Question

$\int_{-2}^{4} |2-x^2| dx =$

• A. $\frac{8\sqrt{2}-3}{3}$
• B. $\frac{16\sqrt{2}}{3}+12$
• C. $\frac{16\sqrt{2}-3}{3}$
• D. $\frac{8\sqrt{2}+12}{3}$

Hint:

When integrating an absolute value function $|f(x)|$, first find the roots of $f(x)=0$. These roots are the points where you need to split the interval of integration.
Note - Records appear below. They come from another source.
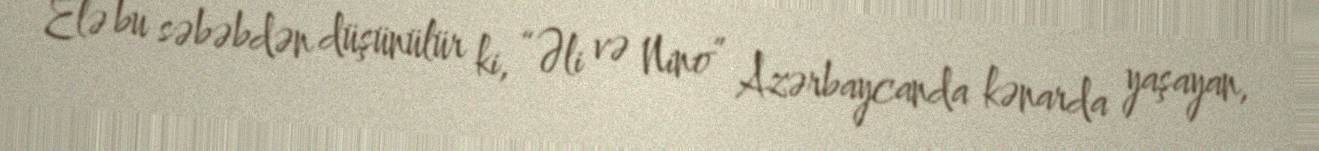
Elə bu səbəbdən düşünülür ki, “Əli və Nino” Azərbaycanda kənarda yaşayan,
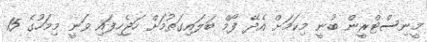
މީނިސްޓްރީން ބުނީ މިކަމަށް އެދޭ ފޯމް ބަލައިގަތުމަށް ހަަޖެހިފައި ވަނީ މިމަހުގެ 15
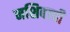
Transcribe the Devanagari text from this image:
नशिबाची
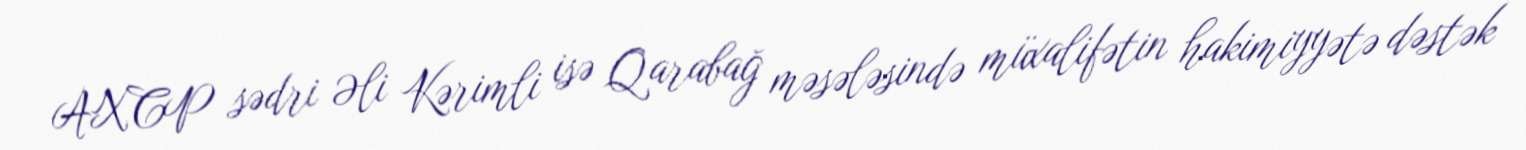
AXCP sədri Əli Kərimli isə Qarabağ məsələsində müxalifətin hakimiyyətə dəstək
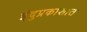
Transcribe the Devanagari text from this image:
इंदुप्रकाशात
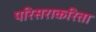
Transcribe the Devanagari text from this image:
परिसराकरिता
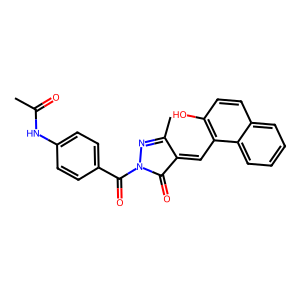
SMILES: CC(=O)Nc1ccc(C(=O)N2N=C(C)C(=Cc3c(O)ccc4ccccc34)C2=O)cc1
Inhibits HIV replication: No
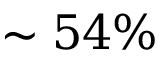
\sim 5 4 \%
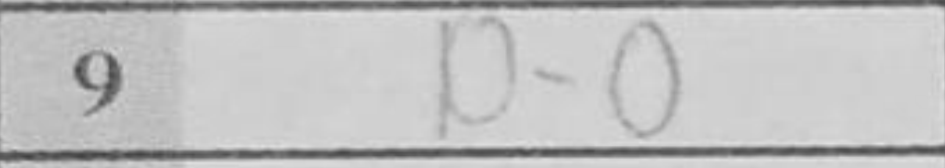
Transcription: O-O
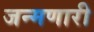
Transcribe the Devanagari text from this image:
जन्मणारी
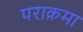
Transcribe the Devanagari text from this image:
पराक्रमा
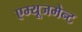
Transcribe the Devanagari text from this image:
एम्‍यूजमेन्‍ट
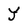
Character: Y
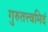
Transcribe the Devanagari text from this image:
गुरुतत्त्वमिदं
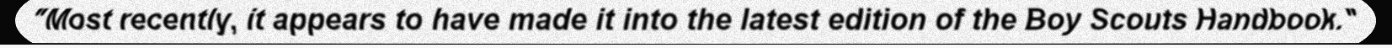
"Most recently, it appears to have made it into the latest edition of the Boy Scouts Handbook."
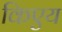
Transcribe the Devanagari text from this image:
किएय
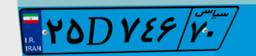
۵۸D۵۸۷۸۱
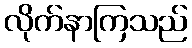
လိုက်နာကြသည်
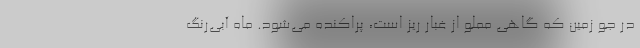
در جو زمین که گاهی مملو از غبار ریز است، پراکنده می‌شود. ماه آبی‌رنگ
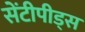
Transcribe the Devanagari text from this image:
सेंटीपीड्स
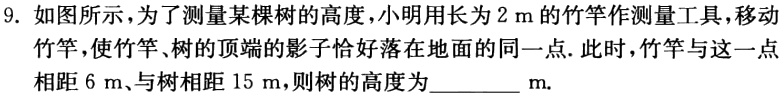
9. 如图所示，为了测量某棵树的高度，小明用长为\(2\mathrm{m}\)的竹竿作测量工具，移动竹竿，使竹竿、树的顶端的影子恰好落在地面的同一点. 此时，竹竿与这一点相距\(6\mathrm{m}\)、与树相距\(15\mathrm{m}\)，则树的高度为________ \(\mathrm{m}\).
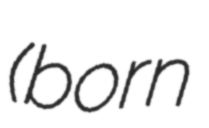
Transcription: (born
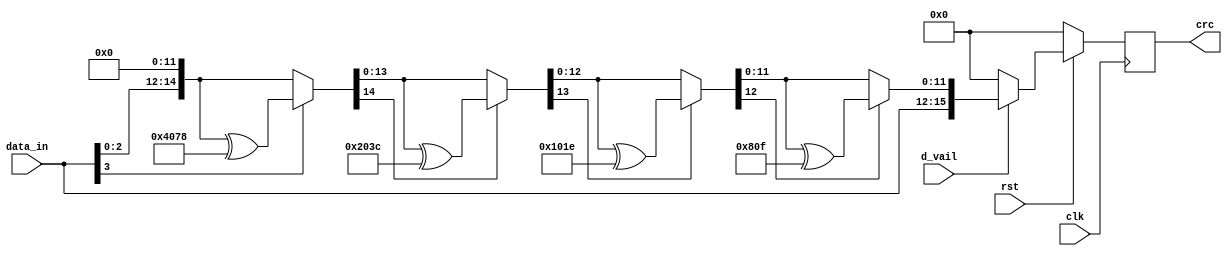
module N1(clk, rst,d_vail,data_in,crc);
    input clk, rst, d_vail;
    input [3:0]data_in;
    output reg [15:0] crc;
    
    integer i;

    always@(posedge clk)begin
        if(rst == 0) begin
            crc <= 0;
        end else begin
            if(d_vail) crc <= {data_in, data[11:0]};
            else crc <= 0;
        end

    end


    reg [15:0] data;
    reg [11:0]out_crc;
    reg ram;
    integer j;
    always@(data_in)begin
        // out_crc = 0;
        // data = data_in << 12;
        // for(i=0;i<16;i=i+1)begin
        //     ram = out_crc[11];
        //     {out_crc,data} = {out_crc, data} << 1;
        //     out_crc[0] = out_crc[0] ^ ram;
        //     out_crc[1] = out_crc[1] ^ ram;
        //     out_crc[2] = out_crc[2] ^ ram;
        //     out_crc[3] = out_crc[3] ^ ram;
        //     out_crc[11] = out_crc[11] ^ ram;
        // end
        
        out_crc = 0;
        data = data_in << 12;
        for(i=3;i>=0;i=i-1)
            if(data[12+i] == 1)
            data = data ^ (13'b1100000001111<<i);

		// out_crc = data[11:0];
    end
endmodule
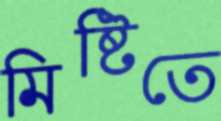
মিষ্টিতে
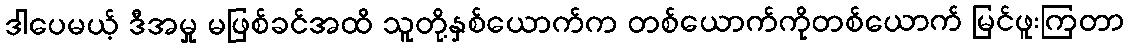
ဒါပေမယ့် ဒီအမှု မဖြစ်ခင်အထိ သူတို့နှစ်ယောက်က တစ်ယောက်ကိုတစ်ယောက် မြင်ဖူးကြတာ
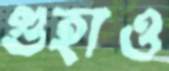
গুহাও
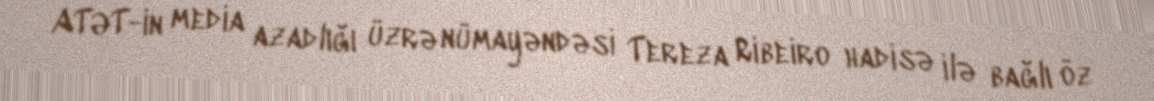
ATƏT-in media azadlığı üzrə nümayəndəsi Tereza Ribeiro hadisə ilə bağlı öz
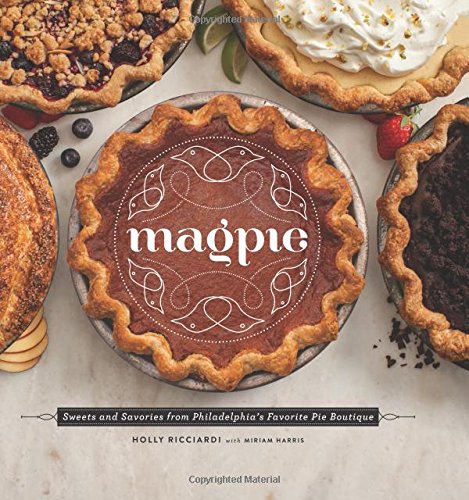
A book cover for Magpie: Sweets and Savories from Philadelphia's Favorite Pie Boutique; Holly Ricciardi; Cookbooks, Food & Wine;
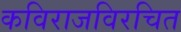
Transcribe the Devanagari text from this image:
कविराजविरचित
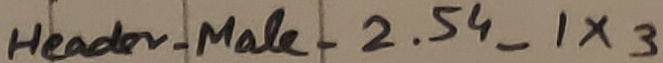
Text: Header_Male_2.54_1X3
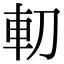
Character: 𠜥
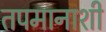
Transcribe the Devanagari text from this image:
तपमानाशी
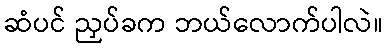
ဆံပင် ညှပ်ခက ဘယ်လောက်ပါလဲ။
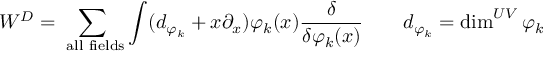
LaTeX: { \cal W } ^ { D } = \sum _ { \mathrm { \scriptsize ~ a l l ~ f i e l d s } } \int ( d _ { \varphi _ { k } } + x \partial _ { x } ) \varphi _ { k } ( x ) { \frac { \delta } { \delta \varphi _ { k } ( x ) } } \qquad d _ { \varphi _ { k } } = \dim ^ { U V } { \varphi _ { k } }
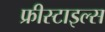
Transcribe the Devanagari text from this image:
फ्रीस्टाइल्स
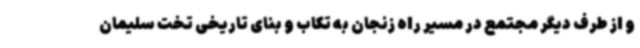
و از طرف دیگر مجتمع در مسیر راه زنجان به تکاب و بنای تاریخی تخت سلیمان
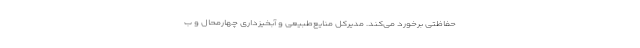
حفاظتی برخورد می‌کند. مدیرکل منایع‌طبیعی و آبخیزداری چهارمحال و ب
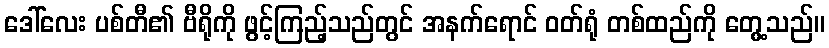
ဒေါ်လေး ပစ်တီ၏ ဗီရိုကို ဖွင့်ကြည့်သည်တွင် အနက်ရောင် ဝတ်ရုံ တစ်ထည်ကို တွေ့သည်။
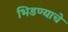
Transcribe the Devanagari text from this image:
भिडण्याचे
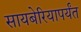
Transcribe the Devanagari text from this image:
सायबेरियापर्यंत
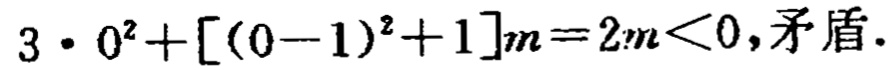
$3\cdot 0^{2}+[(0 - 1)^{2}+1]m = 2m<0,\text{矛盾}.$
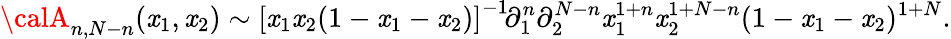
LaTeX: {\calA}_{n,N-n}(\mathit{x}_{1},\mathit{x}_{2})\sim\left[\mathit{x}_{1}\mathit{x}_{2}(1-\mathit{x}_{1}-\mathit{x}_{2})\right]^{-1}\! \partial_{1}^{n}\partial_{2}^{N-n}\mathit{x}_{1}^{1+n}\mathit{x}_{2}^{1+N-n}(1-\mathit{x}_{1}-\mathit{x}_{2})^{1+N}.
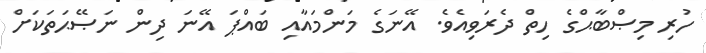
ހުރި މިޞްބާޙްގެ ހިތް ދެރަވިއެވެ. އޭނަގެ މަންމައާއި ބައްޕަ އޭނަ ދިން ނަޞޭޙަތަކަށް
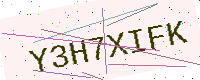
Text: Y3H7XIFK
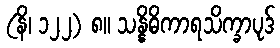
(နိ၊ ၁၂၂) ၈။ သန္နိဓိကာရသိက္ခာပုဒ်
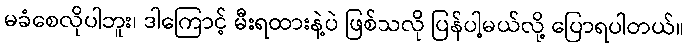
မခံစေလိုပါဘူး၊ ဒါကြောင့် မီးရထားနဲ့ပဲ ဖြစ်သလို ပြန်ပါ့မယ်လို့ ပြောရပါတယ်။
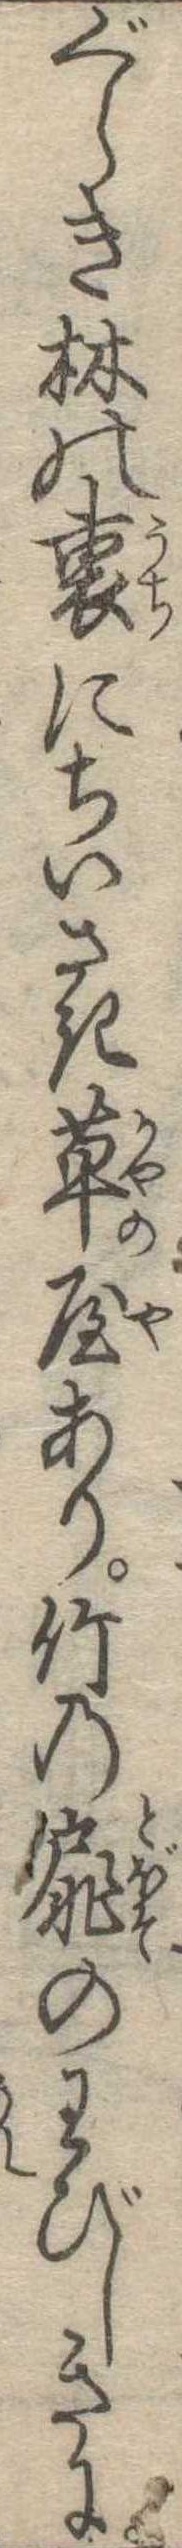
ぐらき林の裏にちいさき草屋あり竹の扉のわびしきに
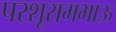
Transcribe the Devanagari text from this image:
परशूरामभाऊ
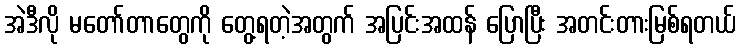
အဲဒီလို မတော်တာတွေကို တွေ့ရတဲ့အတွက် အပြင်းအထန် ပြောပြီး အတင်းတားမြစ်ရတယ်
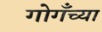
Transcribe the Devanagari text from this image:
गोगँच्या
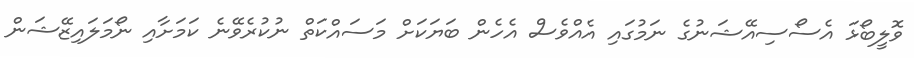
ވޮލީބޯޅަ އެސޯސިއޭޝަނުގެ ނަމުގައި އެއްވެސް އެހެން ބަޔަކަށް މަސައްކަތް ނުކުރެވޭނެ ކަމަށާއި ނޯމަލައިޒޭޝަން
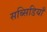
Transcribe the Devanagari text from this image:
सब्सिडियाँ
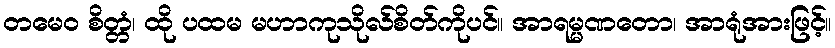
တမေဝ စိတ္တံ၊ ထို ပထမ မဟာကုသိုလ်စိတ်ကိုပင်။ အာရမ္မဏတော၊ အာရုံအားဖြင့်။
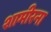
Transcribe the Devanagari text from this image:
शामीरना
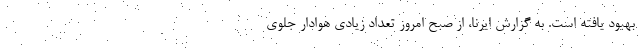
بهبود یافته است. به گزارش ایرنا، از صبح امروز تعداد زیادی هوادار جلوی
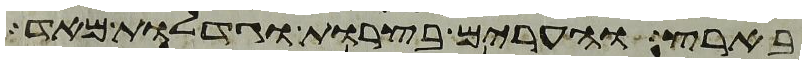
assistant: בארץ והערים בצרות וגדלות מאד
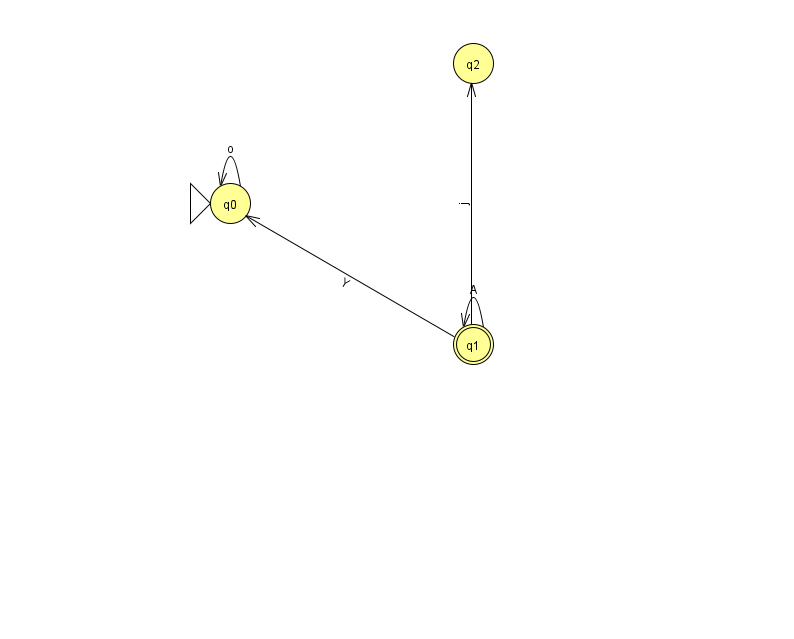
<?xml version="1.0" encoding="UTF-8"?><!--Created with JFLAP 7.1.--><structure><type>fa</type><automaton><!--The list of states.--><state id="0" name="q0"><x>230.0</x><y>190.0</y><initial/></state><state id="1" name="q1"><x>473.0</x><y>331.0</y><final/></state><state id="2" name="q2"><x>473.0</x><y>50.0</y></state><!--The list of transitions.--><transition><from>1</from><to>1</to><read>A</read></transition><transition><from>1</from><to>0</to><read>Y</read></transition><transition><from>1</from><to>2</to><read>j</read></transition><transition><from>0</from><to>0</to><read>o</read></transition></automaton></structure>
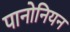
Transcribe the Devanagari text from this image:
पानोनियन
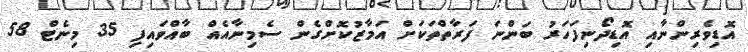
އޮޑިވެރިންނާއި އޮޑިދޯނިފަހަރު ބަންނަ ފަރާތްތަކަށް އަމާޒުކޮށްގެން ސެމިނާއެއް ބާއްވައިފި 35 މިނެޓް 58
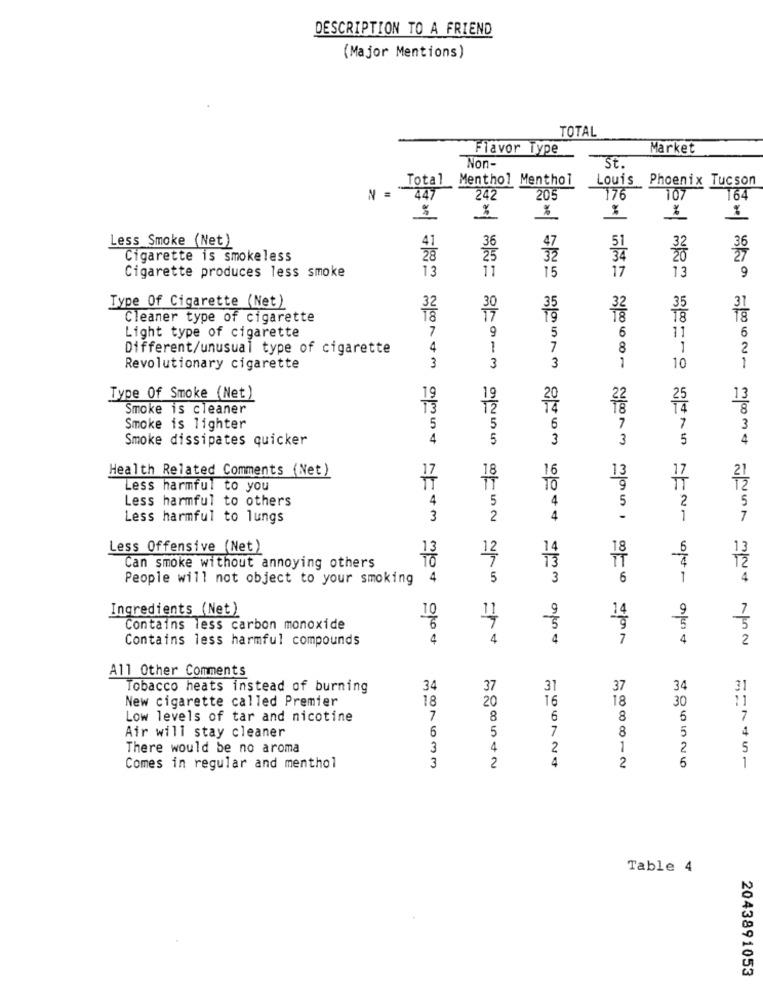
DESCRIPTION TO A FRIEND
(Major Mentions)
TOTAL
Flavor Type
Market
Non-
St.
Total Menthol Menthol
Louis Phoenix Tucson
447
N
242
205
176
107
164
%
%
%
Less Smoke (Net)
36
25
51
32
Cigarette is smokeless
34
13
11
15
17
Cigarette produces less smoke
13
9
Type Of Cigarette (Net)
32
30
Cleaner type of cigarette
32
7
9
Light type of cigarette
5
6
11
6
Different/unusual type of cigarette
4
1
7
8
1
2
Revolutionary cigarette
3
3
3
1
10
1
Type Of Smoke (Net)
19
13
Smoke is cleaner
13
72
25
8
Smoke is lighter
5
5
6
7
7
3
Smoke dissipates quicker
4
5
3
3
5
4
Health Related Comments (Net)
16
Less harmful to you
TO
Less harmful to others
4
5
4
5
2
5
Less harmful to lungs
3
2
4
-
1
7
Less Offensive (Net)
14
6
12
13
12
Can smoke without annoying others
People will not object to your smoking
4
5
3
6
1
4
Ingredients (Net)
10
9
2
14
Contains less carbon monoxide
Contains less harmful compounds
4
4
4
7
4
2
All Other Comments
Tobacco heats instead of burning
34
37
31
37
34
31
New cigarette called Premier
18
20
16
18
30
11
Low levels of tar and nicotine
7
8
6
8
5
7
6
5
7
8
4
Air will stay cleaner
5
There would be no aroma
3
4
2
1
2
5
3
4
5
Comes in regular and menthol
2
2
1
Table 4
2043891053
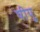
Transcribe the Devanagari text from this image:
षीयू
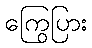
ကြွေပြား
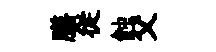
膳従蝕父
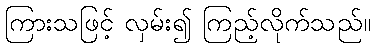
ကြားသဖြင့် လှမ်း၍ ကြည့်လိုက်သည်။
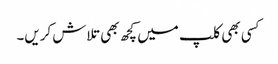
کسی بھی کلپ میں کچھ بھی تلاش کریں۔
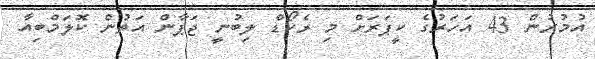
އުމުރުން 43 އަހަރުގެ ކީޕަރަށް މި ރެކޯޑް ލިބުނީ ޖަޕާން އަތުން ކޮލަމްބިއާ
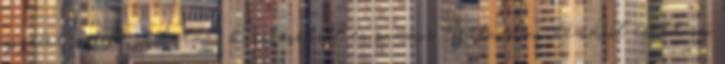
jogsértéseiről, oktatási kérdésekről és számos történelmi témáról esett szó
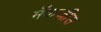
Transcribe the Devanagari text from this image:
मॅकजीस
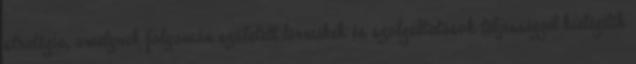
stratégia, amelynek folyamán született termékek és szolgáltatások teljességgel kielégítik
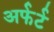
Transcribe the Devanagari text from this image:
अर्फर्ट
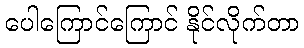
ပေါကြောင်ကြောင် နိုင်လိုက်တာ
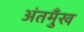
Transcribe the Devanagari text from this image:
अंतमुँख
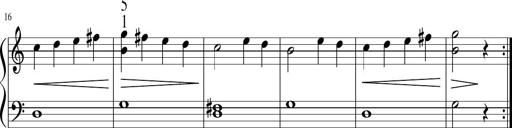
Title: 6 Instructive Sonatinas
Composer: Jacob Schmitt
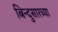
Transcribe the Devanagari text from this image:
बिन्दुसारच्या
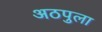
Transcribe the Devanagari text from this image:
अठपुला
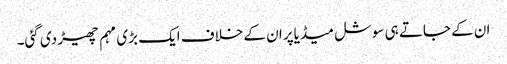
ان کے جاتے ہی سوشل میڈیاپر ان کے خلاف ایک بڑی مہم چھیڑ دی گئی۔
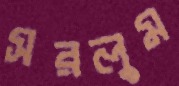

Then, for each sub-interval, determine the sign of $f(x)$ to remove the absolute value bars correctly.

Answer 1

The Correct Option is B

To evaluate an integral with an absolute value, we must split the integral based on where the expression inside the absolute value changes sign.
The expression is $|2-x^2|$. It is zero when $x^2=2$, i.e., at $x=\pm\sqrt{2}$.
The parabola $y=2-x^2$ is positive between $-\sqrt{2}$ and $\sqrt{2}$, and negative otherwise.
The interval of integration is $[-2, 4]$. The points $\pm\sqrt{2}$ are within this interval. ($\sqrt{2} \approx 1.414$)
So, we split the integral into three parts:
$I = \int_{-2}^{-\sqrt{2}} -(2-x^2) dx + \int_{-\sqrt{2}}^{\sqrt{2}} (2-x^2) dx + \int_{\sqrt{2}}^{4} -(2-x^2) dx$.
$I = \int_{-2}^{-\sqrt{2}} (x^2-2) dx + \int_{-\sqrt{2}}^{\sqrt{2}} (2-x^2) dx + \int_{\sqrt{2}}^{4} (x^2-2) dx$.
Evaluate the first integral:
$[\frac{x^3}{3}-2x]_{-2}^{-\sqrt{2}} = (\frac{-2\sqrt{2}}{3}+2\sqrt{2}) - (\frac{-8}{3}+4) = \frac{4\sqrt{2}}{3} - \frac{4}{3}$.
Evaluate the second integral (note it's an even function over a symmetric interval):
$2\int_{0}^{\sqrt{2}} (2-x^2) dx = 2[2x-\frac{x^3}{3}]_{0}^{\sqrt{2}} = 2(2\sqrt{2}-\frac{2\sqrt{2}}{3}) = 2(\frac{4\sqrt{2}}{3}) = \frac{8\sqrt{2}}{3}$.
Evaluate the third integral:
$[\frac{x^3}{3}-2x]_{\sqrt{2}}^{4} = (\frac{64}{3}-8) - (\frac{2\sqrt{2}}{3}-2\sqrt{2}) = (\frac{64-24}{3}) - (\frac{2\sqrt{2}-6\sqrt{2}}{3}) = \frac{40}{3} - (-\frac{4\sqrt{2}}{3}) = \frac{40}{3} + \frac{4\sqrt{2}}{3}$.
Sum the three parts:
$I = \left(\frac{4\sqrt{2}}{3} - \frac{4}{3}\right) + \frac{8\sqrt{2}}{3} + \left(\frac{40}{3} + \frac{4\sqrt{2}}{3}\right)$.
$I = \frac{4\sqrt{2} - 4 + 8\sqrt{2} + 40 + 4\sqrt{2}}{3} = \frac{(4+8+4)\sqrt{2} + (40-4)}{3} = \frac{16\sqrt{2} + 36}{3}$.
$I = \frac{16\sqrt{2}}{3} + \frac{36}{3} = \frac{16\sqrt{2}}{3} + 12$.